Processing of Company Personal Data

The Company instructs Processor to process Company Personal Data.

The Processor will comply with applicable laws and process data only for the purpose of providing the service, including troubleshooting, and diagnosing errors.

Data Processing and Protection

This DPA applies when The Supplier processes Customer’s data for which The Supplier will act as “processor” or “service provider” (or other analogous variations of such terms) under Data Protection Law.

Limitations on Use. The Supplier will process Personal Data only: (a) in a manner consistent with documented instructions from Customer, including (i) to provide the Services, (ii) as permitted under the Agreement, and (iii) consistent with other reasonable instructions of Customer; and (b) with prior notice (unless notice is legally prohibited), as required by applicable law. Without limiting the foregoing, The Supplier will not collect, retain, use, or disclose the Personal Data for any purpose other than as necessary for the specific purpose of performing the Services, including not collecting, retaining, using, or disclosing the Personal Data for a commercial purpose other than providing the Services.

Confidentiality. The Supplier will ensure that persons authorized by The Supplier to Process any Personal Data are subject to appropriate confidentiality obligations.

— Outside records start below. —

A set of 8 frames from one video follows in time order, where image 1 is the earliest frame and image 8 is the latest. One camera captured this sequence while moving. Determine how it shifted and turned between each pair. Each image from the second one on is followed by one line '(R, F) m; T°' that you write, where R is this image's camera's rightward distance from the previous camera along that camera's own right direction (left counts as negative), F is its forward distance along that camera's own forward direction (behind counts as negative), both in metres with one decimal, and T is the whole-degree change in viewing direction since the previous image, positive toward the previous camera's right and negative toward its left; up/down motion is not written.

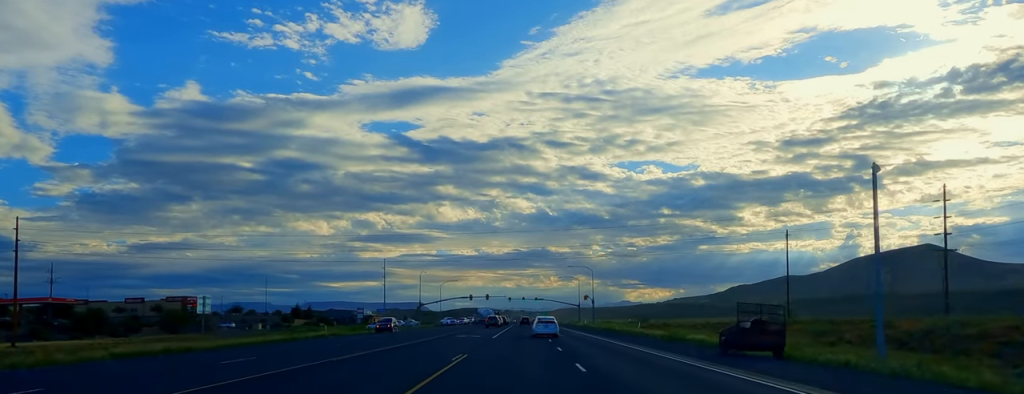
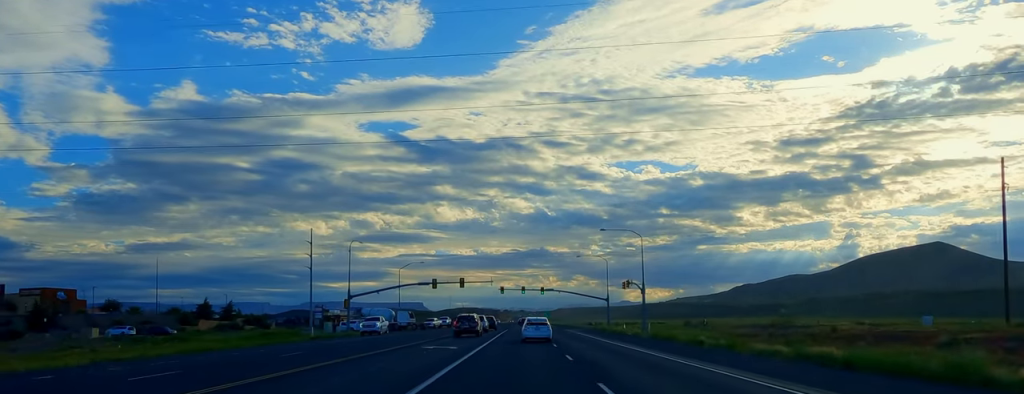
(-0.1, +65.4) m; 0°
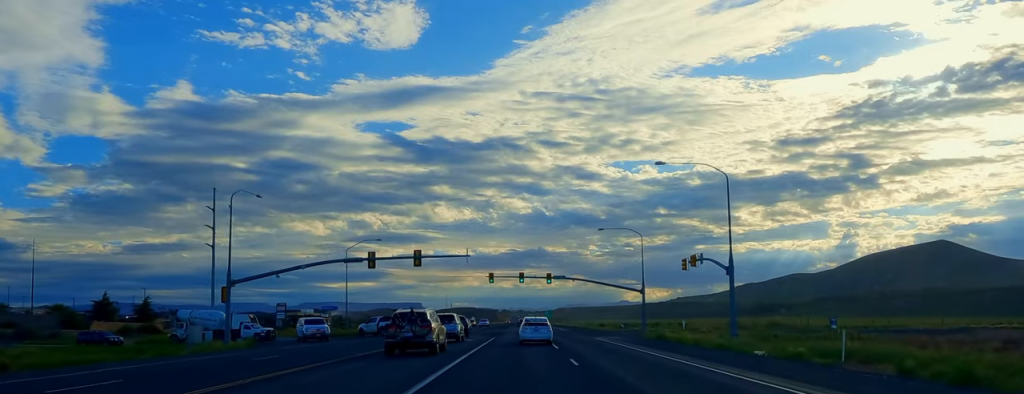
(0.0, +39.1) m; 0°
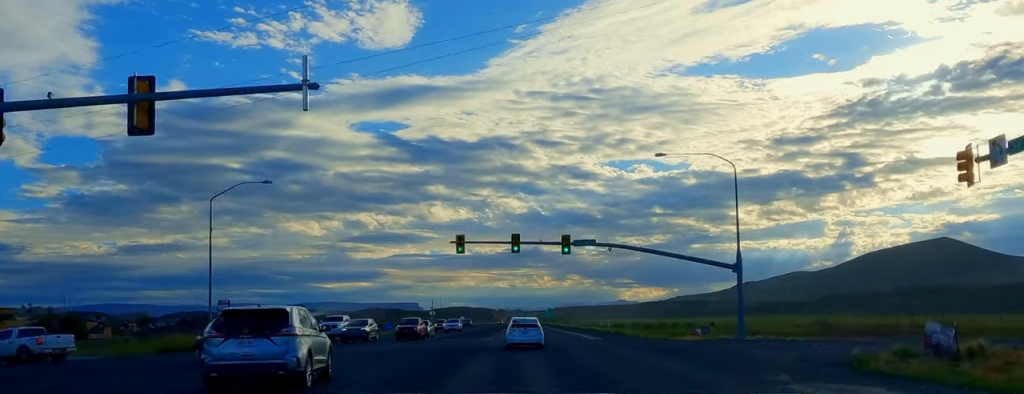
(0.0, +41.1) m; 0°
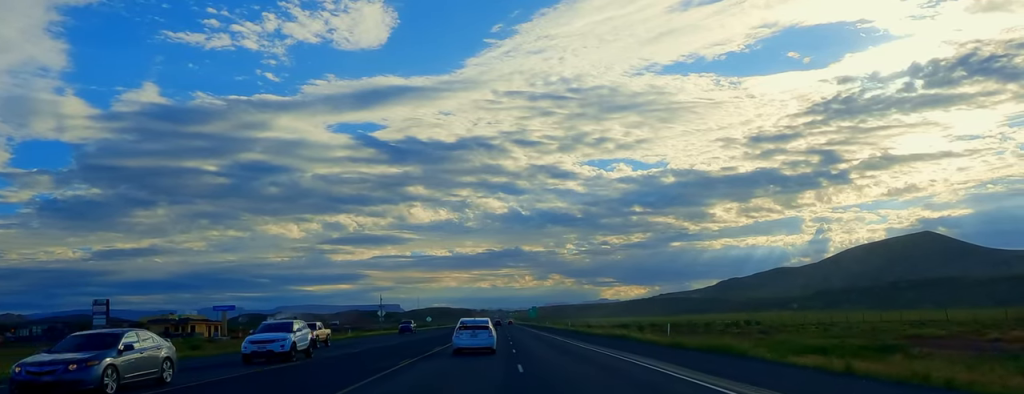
(+0.2, +44.8) m; 0°
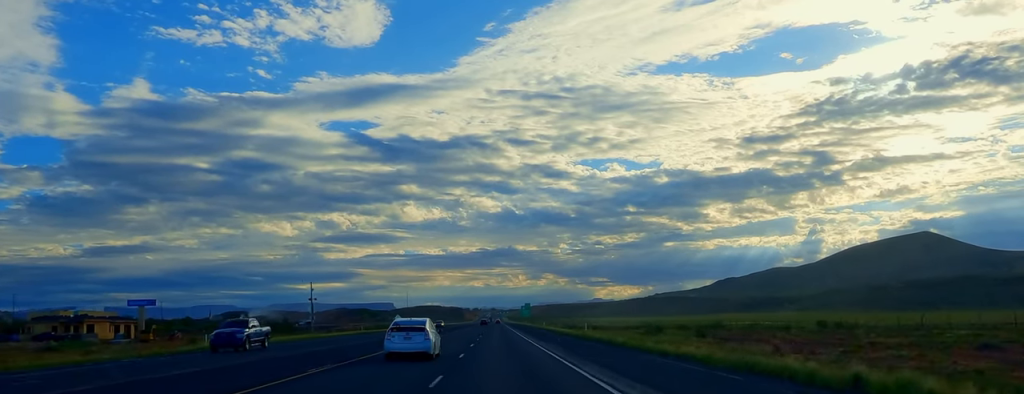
(+0.1, +40.8) m; 0°
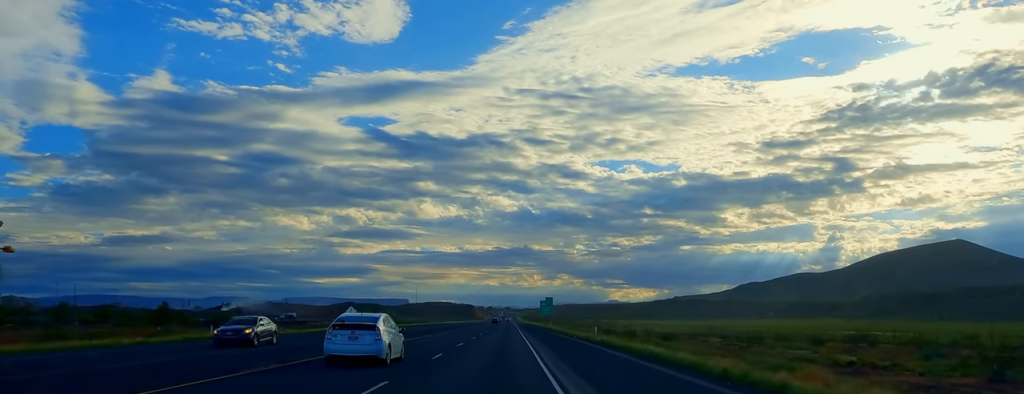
(-1.3, +63.7) m; -1°
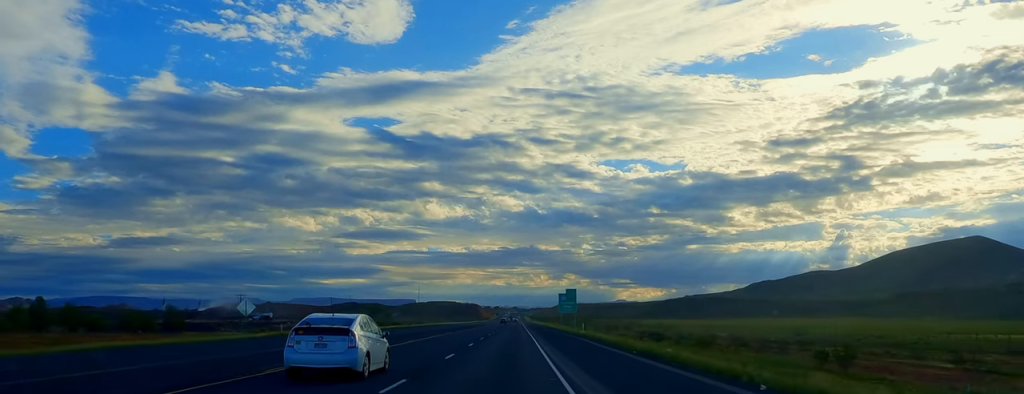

Security. The Supplier will protect Personal Data in accordance with requirements under Data Protection Law, including by implementing appropriate technical and organizational measures designed to protect Personal Data against Personal Data Breach per The Supplier’s Security Overview.

Return or Disposal. At the choice of Customer, delete or return (or will enable Customer to delete or retrieve) all Personal Data after the end of the provision of Services (unless applicable law requires The Supplier to store any Personal Data). To request the return or disposal of your data refer to our Privacy Policy.

Customer Obligations. Customer will not instruct The Supplier to perform any Processing of Personal Data that violates any Data Protection Law. The Supplier may suspend Processing based upon any Customer instructions that The Supplier reasonably suspects violate Data Protection Law. Subject to the cooperation of The Supplier as specified in this DPA, Customer will be solely responsible for safeguarding the rights of Data Subjects. Customer will promptly notify The Supplier about any faults or irregularities in the Processing by The Supplier discovered by Customer.

Subprocessors

Customer authorizes The Supplier to use third-party subprocessors to Process Personal Data in connection with the provision of Services to Customer (“Subprocessor”). Customer may request a list of current Subprocessors at any time. If Customer objects to any Subprocessor, The Supplier may terminate the Agreement immediately upon notice to Customer without liability.

Miscellaneous

If there is a conflict the Terms of Service will prevail over this DPA. Except for the matters covered by this DPA, all terms of the Terms of Service, remain in effect. Capitalized terms not defined in this DPA have the same meaning as in the Terms of Service. Except as otherwise stated in the Terms of Service, this DPA and the Standard Contractual Clauses will automatically terminate upon the termination or expiration of the Terms of Service.

Types and categories of data

Other than in connection with configuration and subscription related data stored by the Service, Customer controls the types of Personal Data and categories of Data Subjects uploaded via the Services for Processing.